Ukrainian Saboteurs Reportedly Blew Up Russian Helicopters 500 Miles From Ukraine

Russian air force regiments flying the service’s Kamov Ka-52 attack helicopters have been having a difficult war. It just got a lot more difficult.

Ukrainian air-defenses have shot down at least a quarter of the 100 or so twin-rotor Ka-52s the air force operated before Russia’s wider war on Ukraine starting late February. And now Ukrainian saboteurs have damaged or destroyed another four Ka-52s at an airfield in western Russia, according to Ukraine’s military intelligence agency.

“Two Ka-52s were destroyed at the airfield in the Pskov region, and two more were seriously damaged,” the intel agency claimed Monday.

It’s impossible to verify the agency’s assertion. But Russian social media users mentioned incidents involving helicopters in Pskov Oblast. And there is a video purportedly depicting the daytime sabotage. The short video depicts a man crouching alongside a Ka-52, preparing what appears to be a bomb combining an MD-5M detonator with a VZD-6Ch mechanical fuze.

The VZD-6Ch operates on a delay of up to six hours, giving a saboteur plenty of time to escape.

Ukrainian agents working in Pskov Oblast would need as much time as they can get. Veretye air base in Pskov lies 15 miles from the Russian border with Estonia, and 500 miles from Ukraine. It’s unclear how the potential saboteurs may have infiltrated Russia, but they undoubtedly traveled some distance.

Whether the apparent bombs destroyed any Ka-52s or merely damaged them, it was a powerful blow. The two-seat Ka-52 is Russia’s best attack helicopter. And they’re in increasingly short supply.

The air force has written off at least 25 Ka-52s that outside analysts can confirm. Most of them were shot down by Ukrainian air-defenses, many while hovering as their crews held laser designators on target in order to guide anti-tank missiles.

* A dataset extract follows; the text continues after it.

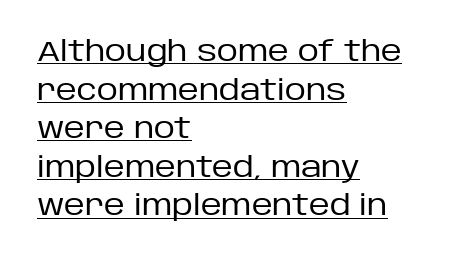
Is there much room between lines? A standard amount, neither cramped nor airy. Nobody touched the tracking dial on this one. The passage shown is underscored from start to finish. Designer's note — italics off, roman on.

Don’t count on manufacturer Kamov to make good those losses any time soon. It took Kamov 14 years to supply the roughly 100 Ka-52s that the Russian air force went to war with. And Russia’s production of military aircraft actually has decreased owing to foreign sanctions on high-tech components that Russian industry never has been able to manufacture on its own.